The dynamics of gene expression in vertebrate embryogenesis at single cell resolution

Time series of single cell transcriptome measurements can reveal dynamic features of cell differentiation pathways. From measurements of whole frog embryos spanning zygotic genome activation through early organogenesis we derived a detailed catalog of cell states in vertebrate development and a map of differentiation across all lineages over time. The inferred map recapitulates most if not all developmental relationships, and associates new regulators and marker genes with each cell state. We find that many embryonic cell states appear earlier than previously appreciated. We also assess conflicting models of neural crest development. Incorporating a matched time series of zebrafish development from a companion paper, we reveal conserved and divergent features of vertebrate early developmental gene expression programs. 136,966 single cell transcriptomes were profiled from whole Xenopus tropicalis embryos at ten timepoints during the first 24 hours of its embryonic development.
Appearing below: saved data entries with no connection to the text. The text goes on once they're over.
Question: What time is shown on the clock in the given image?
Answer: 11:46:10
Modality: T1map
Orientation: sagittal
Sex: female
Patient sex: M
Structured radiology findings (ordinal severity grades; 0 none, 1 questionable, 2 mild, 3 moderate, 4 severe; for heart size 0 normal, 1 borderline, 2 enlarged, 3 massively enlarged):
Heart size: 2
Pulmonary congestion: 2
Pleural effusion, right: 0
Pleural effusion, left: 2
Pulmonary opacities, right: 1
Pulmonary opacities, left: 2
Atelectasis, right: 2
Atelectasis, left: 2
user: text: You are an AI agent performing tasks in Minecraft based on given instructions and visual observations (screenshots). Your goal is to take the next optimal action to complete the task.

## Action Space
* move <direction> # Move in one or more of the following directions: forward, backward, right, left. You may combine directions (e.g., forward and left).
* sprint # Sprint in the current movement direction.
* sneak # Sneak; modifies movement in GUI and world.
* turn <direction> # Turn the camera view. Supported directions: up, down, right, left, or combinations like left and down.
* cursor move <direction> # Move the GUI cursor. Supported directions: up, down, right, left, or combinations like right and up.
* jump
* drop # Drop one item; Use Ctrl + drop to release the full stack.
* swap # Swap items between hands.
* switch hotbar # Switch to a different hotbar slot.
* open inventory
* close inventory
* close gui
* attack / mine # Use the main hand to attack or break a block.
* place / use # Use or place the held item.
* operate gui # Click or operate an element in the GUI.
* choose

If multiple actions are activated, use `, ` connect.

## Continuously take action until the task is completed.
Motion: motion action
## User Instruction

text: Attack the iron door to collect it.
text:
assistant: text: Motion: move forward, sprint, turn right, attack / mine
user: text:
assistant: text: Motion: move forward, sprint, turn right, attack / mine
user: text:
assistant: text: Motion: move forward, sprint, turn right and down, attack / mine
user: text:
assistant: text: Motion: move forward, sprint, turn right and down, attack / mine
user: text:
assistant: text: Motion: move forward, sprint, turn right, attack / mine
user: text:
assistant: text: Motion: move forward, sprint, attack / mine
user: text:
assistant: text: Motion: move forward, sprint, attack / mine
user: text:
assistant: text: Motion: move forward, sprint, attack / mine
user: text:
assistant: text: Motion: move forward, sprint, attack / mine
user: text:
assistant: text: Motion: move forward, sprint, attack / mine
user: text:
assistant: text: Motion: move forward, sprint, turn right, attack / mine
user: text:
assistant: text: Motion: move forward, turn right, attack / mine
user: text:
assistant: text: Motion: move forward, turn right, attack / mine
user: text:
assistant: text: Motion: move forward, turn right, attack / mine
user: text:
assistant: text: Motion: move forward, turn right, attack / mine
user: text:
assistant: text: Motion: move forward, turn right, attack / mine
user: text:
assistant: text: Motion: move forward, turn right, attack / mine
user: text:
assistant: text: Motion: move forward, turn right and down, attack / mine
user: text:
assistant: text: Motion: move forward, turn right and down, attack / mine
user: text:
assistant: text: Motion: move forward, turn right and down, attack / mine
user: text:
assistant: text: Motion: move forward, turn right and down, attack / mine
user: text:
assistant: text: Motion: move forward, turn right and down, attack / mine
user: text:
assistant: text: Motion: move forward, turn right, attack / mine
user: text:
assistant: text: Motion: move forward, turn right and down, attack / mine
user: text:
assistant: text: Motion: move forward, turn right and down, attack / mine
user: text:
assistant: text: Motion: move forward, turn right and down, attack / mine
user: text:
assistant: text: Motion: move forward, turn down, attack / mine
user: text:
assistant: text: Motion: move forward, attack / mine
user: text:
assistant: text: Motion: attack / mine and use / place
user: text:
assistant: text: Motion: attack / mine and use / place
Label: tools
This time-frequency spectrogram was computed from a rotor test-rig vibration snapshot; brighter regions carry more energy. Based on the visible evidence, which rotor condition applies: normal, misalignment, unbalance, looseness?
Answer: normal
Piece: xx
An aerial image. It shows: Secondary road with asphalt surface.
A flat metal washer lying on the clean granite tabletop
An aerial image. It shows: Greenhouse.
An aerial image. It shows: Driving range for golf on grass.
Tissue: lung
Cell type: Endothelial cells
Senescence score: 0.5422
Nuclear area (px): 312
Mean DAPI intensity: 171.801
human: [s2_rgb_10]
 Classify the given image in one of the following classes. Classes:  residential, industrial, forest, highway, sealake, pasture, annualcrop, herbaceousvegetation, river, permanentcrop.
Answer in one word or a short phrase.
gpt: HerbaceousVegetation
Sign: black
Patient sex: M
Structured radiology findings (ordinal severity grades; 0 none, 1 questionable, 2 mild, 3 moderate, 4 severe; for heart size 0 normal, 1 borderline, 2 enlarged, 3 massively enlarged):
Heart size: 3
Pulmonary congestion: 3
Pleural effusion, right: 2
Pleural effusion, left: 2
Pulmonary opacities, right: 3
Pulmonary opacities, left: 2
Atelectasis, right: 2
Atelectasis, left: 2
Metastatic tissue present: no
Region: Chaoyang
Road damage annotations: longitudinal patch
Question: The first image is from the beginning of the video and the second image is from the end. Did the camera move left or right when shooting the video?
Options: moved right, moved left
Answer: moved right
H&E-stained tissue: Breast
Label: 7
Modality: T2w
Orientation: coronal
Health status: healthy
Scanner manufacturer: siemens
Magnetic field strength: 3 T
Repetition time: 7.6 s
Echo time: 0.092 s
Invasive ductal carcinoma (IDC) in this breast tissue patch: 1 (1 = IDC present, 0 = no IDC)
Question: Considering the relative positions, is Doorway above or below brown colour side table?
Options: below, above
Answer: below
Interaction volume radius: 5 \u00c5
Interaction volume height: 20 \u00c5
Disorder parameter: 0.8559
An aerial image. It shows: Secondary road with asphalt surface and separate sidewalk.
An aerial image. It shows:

The data includes 75 total single cell RNA sequencing libraries, collected in 2 replicate timeseries. 4 of the 75 libraries focussed on dissected neural plate border tissue. The counts data for all pass filter cells are available in a single matrix (see "Corrected_combined.annotated_counts.tsv.gz" and "Raw_combined.annotated_counts.tsv.gz"). Alternatively, raw FASTQ or unfiltered counts files are also available for each individual library.